以下代码将使 PDF 文本可选。它加载以下PDF文档为例,请替换为您自己的:
https://raw.githubusercontent.com/mozilla/pdf.js/ba2edeae/web/compressed.tracemonkey-pldi-09.pdf
主要使用两个html元素:
<canvas id="the-canvas"></canvas>
<div class="textLayer"></div>
canvas 用于显示不可选择的文档,.textLayer div 用于可选文本。 .textLayer div 上的文字都是透明的,所以不可见,只提供选择效果。
<!DOCTYPE html>
<html>
<head>
<meta http-equiv="Content-Type" content="text/html; charset=UTF-8" />
<meta name="viewport" content="width=device-width,initial-scale=1.0,maximum-scale=1.0,user-scalable=no">
<script src="//mozilla.github.io/pdf.js/build/pdf.js" crossorigin="anonymous"></script>
<link href="//mozilla.github.io/pdf.js/web/viewer.css" rel="stylesheet" type="text/css" />
<style type="text/css">
#the-canvas {
border: 1px solid black;
direction: ltr;
}
</style>
</head>
<body>
<h1>PDF.js Previous/Next example</h1>
<div>
<button id="prev">Previous</button>
<button id="next">Next</button>
<span>Page: <span id="page_num"></span> / <span id="page_count"></span></span>
</div>
<canvas id="the-canvas"></canvas>
<div class="textLayer"></div>
<script>
// If absolute URL from the remote server is provided, configure the CORS
// header on that server.
var url = '//raw.githubusercontent.com/mozilla/pdf.js/ba2edeae/web/compressed.tracemonkey-pldi-09.pdf';
// Loaded via <script> tag, create shortcut to access PDF.js exports.
var pdfjsLib = window['pdfjs-dist/build/pdf'];
// The workerSrc property shall be specified.

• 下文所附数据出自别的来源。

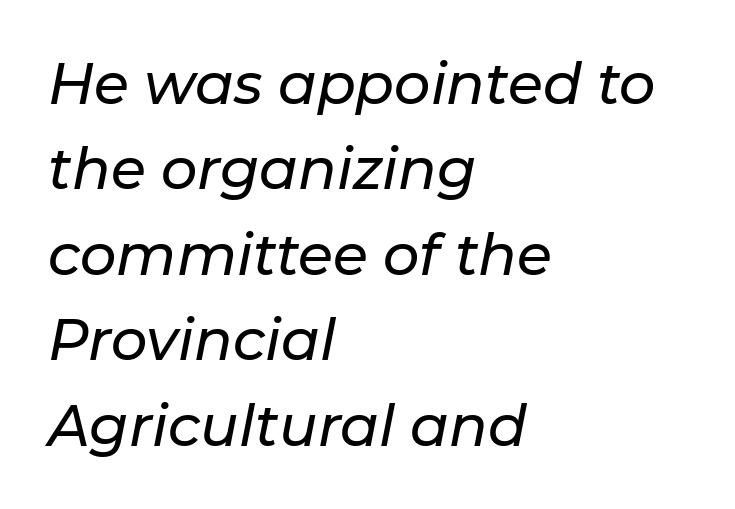
{"italic": "yes", "lean": "right", "slant_degrees": 11, "width": "normal", "stroke_contrast": "low", "x_height": "medium", "monospaced": "no", "underline": "no", "align": "left", "line_spacing": "normal", "line_spacing_ratio": 1.5, "letter_spacing": "normal", "letter_spacing_em": 0.0, "glyph_px": 57}
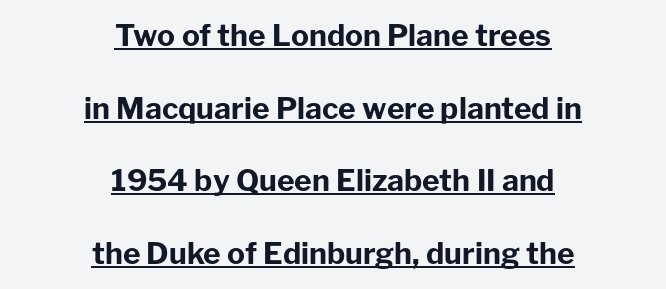
The image shows 30 px bold sans-serif type, upright; set centered, loose line spacing (2.42x), normal letter spacing, underlined; low stroke contrast and a medium x-height.
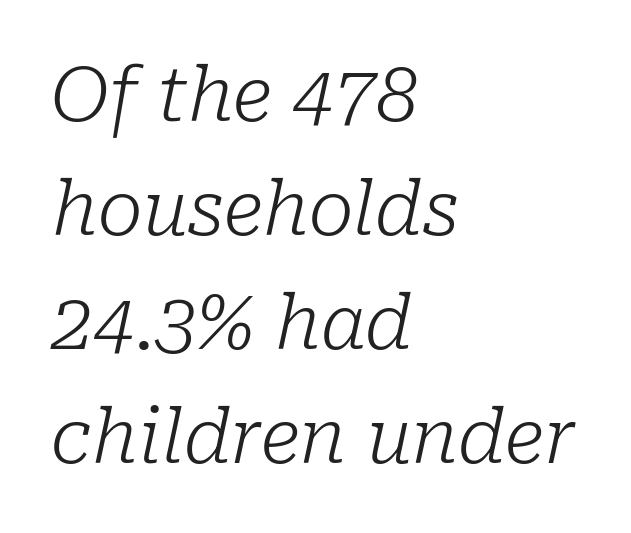
Q: Is the text bold? A: No.
Q: Is the text italic (slanted)? A: Yes, it leans right by about 10 degrees.
Q: Is the typeface a serif or a sans-serif typeface? A: Serif.
Q: Is the text underlined? A: No.
Q: How is the paragraph aligned? A: Left-aligned.
Q: Is the spacing between letters normal or unusually wide? A: Normal.
Q: Is the spacing between lines tight, normal or loose? A: Normal.
Q: Width (condensed, normal, or wide)? A: Normal.
Q: Stroke contrast? A: Low.
Q: x-height? A: Medium.
Q: Monospaced? A: No.
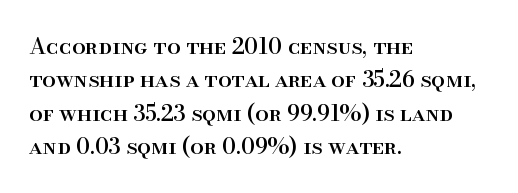
The image shows 22 px text type, upright; set left-aligned, normal line spacing (1.52x), normal letter spacing, not underlined.
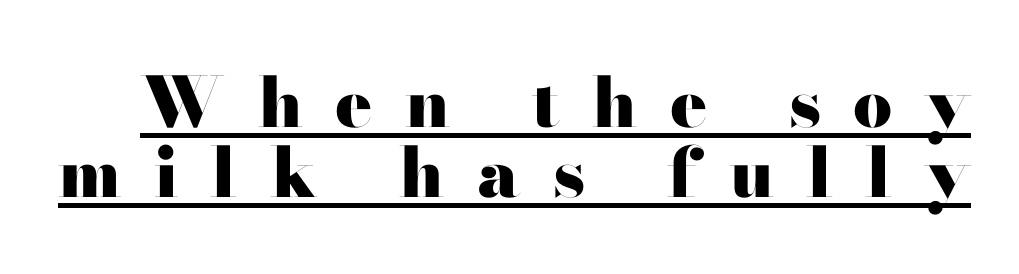
You can tell it's not italic because the verticals are truly vertical. Glance below the letters and you will spot a drawn line. Font category for this specimen: sans-serif. Proportional: the letters do not fall into vertical columns.
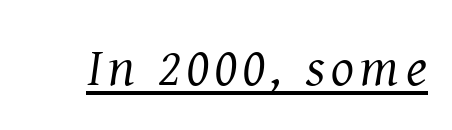
The image shows 54 px regular-weight serif type, italic (leaning right); set underlined; medium stroke contrast and a medium x-height.
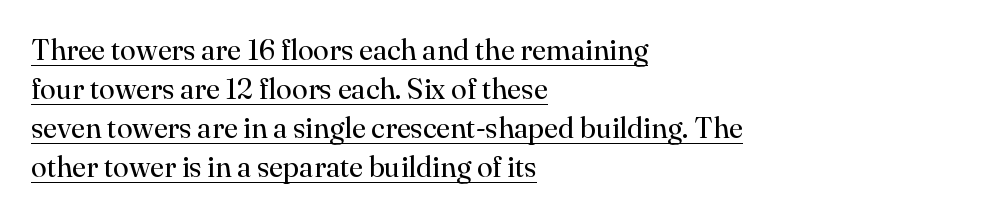
The image shows 29 px regular-weight serif type, upright; set left-aligned, normal line spacing (1.35x), normal letter spacing, underlined; high stroke contrast and a small x-height.
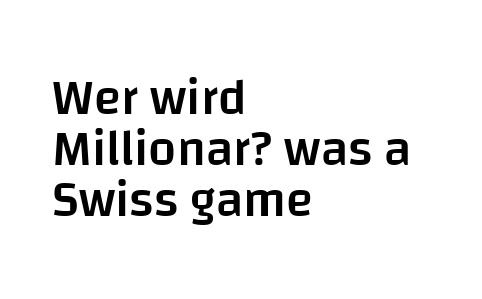
The image shows 50 px semibold sans-serif type, upright; set left-aligned, tight line spacing (1.02x), normal letter spacing, not underlined; low stroke contrast and a large x-height.
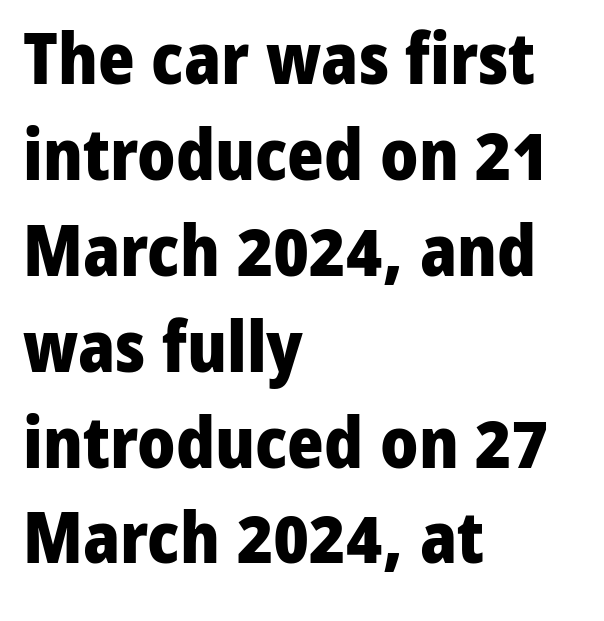
The passage shown is typeset with a sans-serif family. The paragraph has a hard left edge and a soft right edge. Its strokes are broad and dark, the hallmark of bold type. The strip under each line holds only bare page.
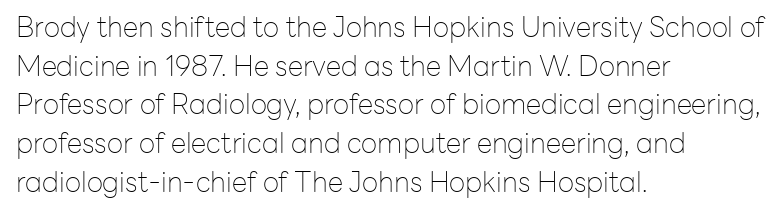
The paragraph shown leans on its left margin. Students, observe: this is what conventionally led text looks like. Tracking here is standard; glyphs follow each other at the usual distance. The baseline area is clear. In terms of letterform style, serifs are entirely absent. Character widths vary here, with narrow letters taking less room than wide ones.
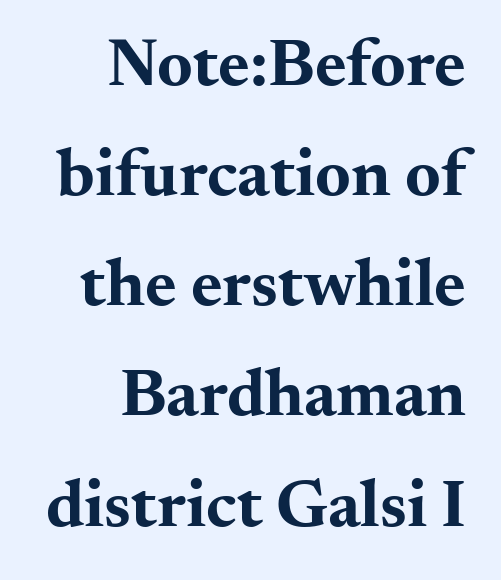
The image shows 68 px bold, wide serif type, upright; set right-aligned, normal line spacing (1.62x), normal letter spacing, not underlined; medium stroke contrast and a small x-height.
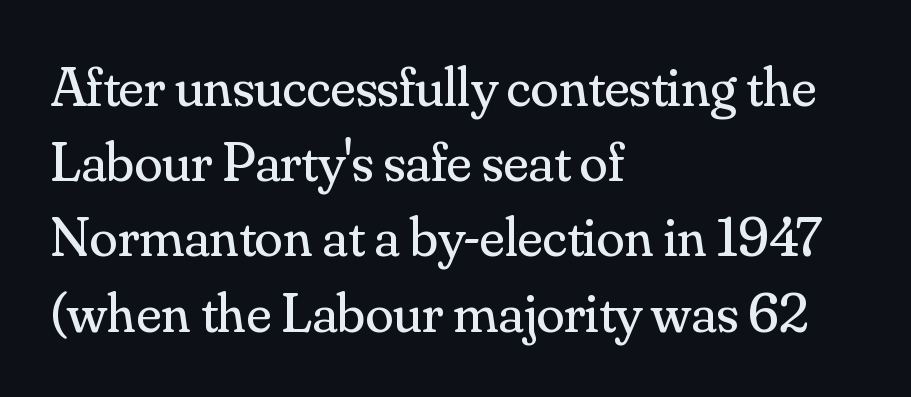
Words float on clear page, feet unadorned. A normal amount of white space separates one row of letters from the next. A typesetter would call this zero additional tracking. A classic flush-left, rag-right setting is used for this passage. If you drew a line through each stem, it would be perfectly vertical.

pdfjsLib.GlobalWorkerOptions.workerSrc = '//mozilla.github.io/pdf.js/build/pdf.worker.js';
var pdfDoc = null,
pageNum = 1,
pageRendering = false,
pageNumPending = null,
//scale = 0.8,
scale = 1,
canvas = document.getElementById('the-canvas'),
ctx = canvas.getContext('2d');
/**
* Get page info from document, resize canvas accordingly, and render page.
* @param num Page number.
*/
function renderPage(num) {
pageRendering = true;
// Using promise to fetch the page
pdfDoc.getPage(num).then(function(page) {
var viewport = page.getViewport({scale: scale});
canvas.height = viewport.height;
canvas.width = viewport.width;
// Render PDF page into canvas context
var renderContext = {
canvasContext: ctx,
viewport: viewport
};
var renderTask = page.render(renderContext);
// Wait for rendering to finish
renderTask.promise.then(function() {
pageRendering = false;
if (pageNumPending !== null) {
// New page rendering is pending
renderPage(pageNumPending);
pageNumPending = null;
}
}).then(function() {
// Returns a promise, on resolving it will return text contents of the page
return page.getTextContent();
}).then(function(textContent) {
// Assign CSS to the textLayer element
var textLayer = document.querySelector(".textLayer");
textLayer.style.left = canvas.offsetLeft + 'px';
textLayer.style.top = canvas.offsetTop + 'px';
textLayer.style.height = canvas.offsetHeight + 'px';
textLayer.style.width = canvas.offsetWidth + 'px';
// Pass the data to the method for rendering of text over the pdf canvas.
pdfjsLib.renderTextLayer({
textContent: textContent,
container: textLayer,
viewport: viewport,
textDivs: []
});
});
});
// Update page counters
document.getElementById('page_num').textContent = num;
}
/**
* If another page rendering in progress, waits until the rendering is
* finised. Otherwise, executes rendering immediately.
*/
function queueRenderPage(num) {
if (pageRendering) {
pageNumPending = num;
} else {
renderPage(num);
}
}
/**
* Displays previous page.
*/
function onPrevPage() {
if (pageNum <= 1) {
return;
}
pageNum--;
queueRenderPage(pageNum);
}
document.getElementById('prev').addEventListener('click', onPrevPage);
/**
* Displays next page.
*/
function onNextPage() {
if (pageNum >= pdfDoc.numPages) {
return;
}
pageNum++;
queueRenderPage(pageNum);
}
document.getElementById('next').addEventListener('click', onNextPage);
/**
* Asynchronously downloads PDF.
*/
pdfjsLib.getDocument(url).promise.then(function(pdfDoc_) {
pdfDoc = pdfDoc_;
document.getElementById('page_count').textContent = pdfDoc.numPages;
// Initial/first page rendering
renderPage(pageNum);
});
</script>
</body>
</html>
答案 2 :(得分:3)
经过几个小时的努力,我发现这篇文章对于选择文本和使用没有节点的pdf.js非常有帮助。 Custom PDF Rendering in JavaScript with Mozilla’s PDF.Js
答案 3 :(得分:-1)
您好,您已在HTML内容中创建了画布。
Canvas不支持文本选择,因此您需要将画布更改为其他方式。